INSTRUCTIONS FOR THE TASK :: Return only the lines of the data below from the line with "Health status: healthy" up to and including the line with "Aerial imagery of", exactly as written, with the pictures omitted.

DATA SHOWN ::

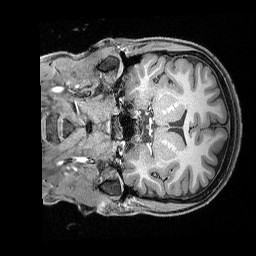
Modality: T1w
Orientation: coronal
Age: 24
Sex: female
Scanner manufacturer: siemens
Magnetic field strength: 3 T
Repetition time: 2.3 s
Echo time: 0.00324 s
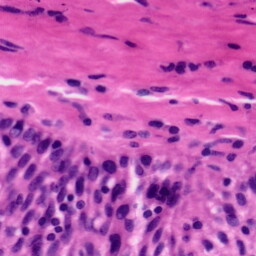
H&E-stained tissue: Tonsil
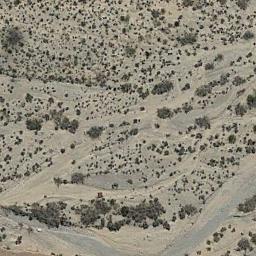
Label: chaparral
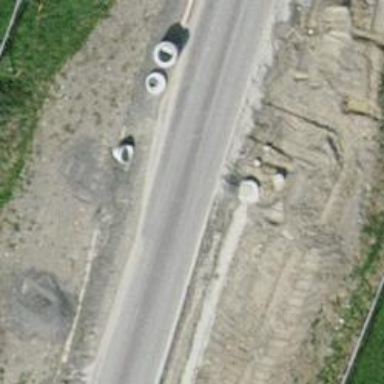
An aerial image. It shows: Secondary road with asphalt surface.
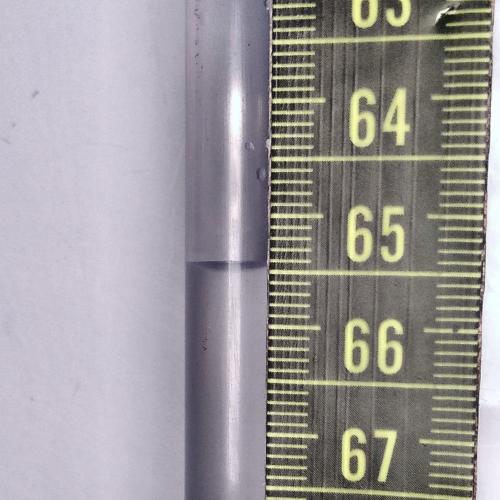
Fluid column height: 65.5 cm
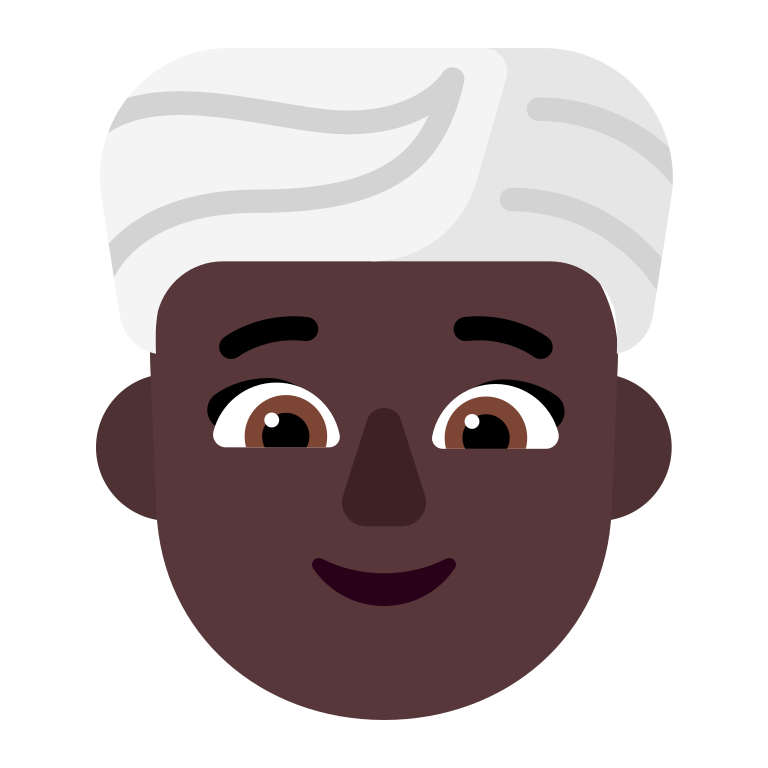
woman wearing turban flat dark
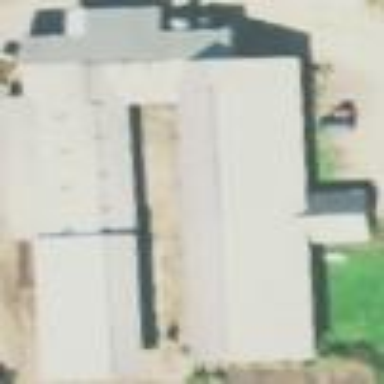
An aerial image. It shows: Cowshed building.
--
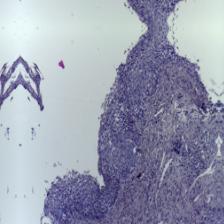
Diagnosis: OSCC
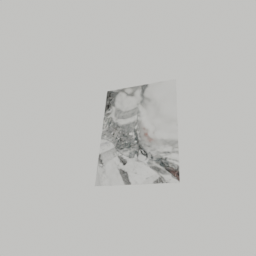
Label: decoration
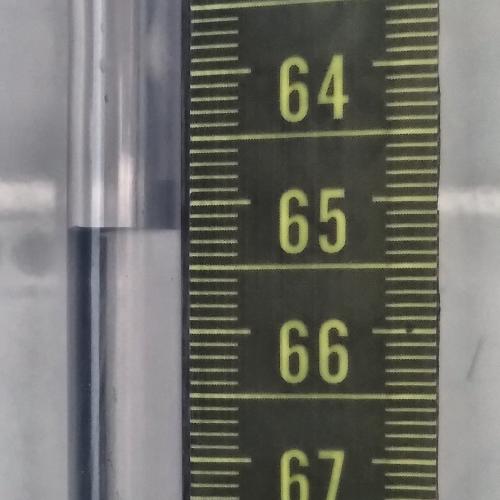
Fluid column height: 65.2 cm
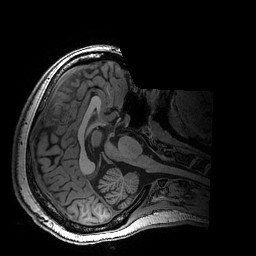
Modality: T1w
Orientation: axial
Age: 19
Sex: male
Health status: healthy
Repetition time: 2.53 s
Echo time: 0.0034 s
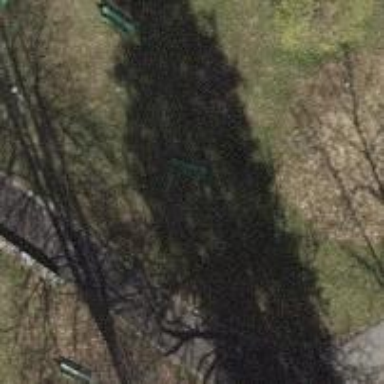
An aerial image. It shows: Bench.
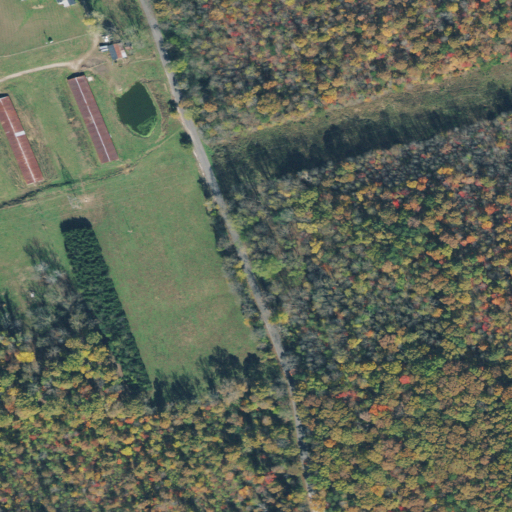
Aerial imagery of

ANSWER BOX ::
Health status: healthy
Repetition time: 2.53 s
Echo time: 0.0034 s
An aerial image. It shows: Bench.
Aerial imagery of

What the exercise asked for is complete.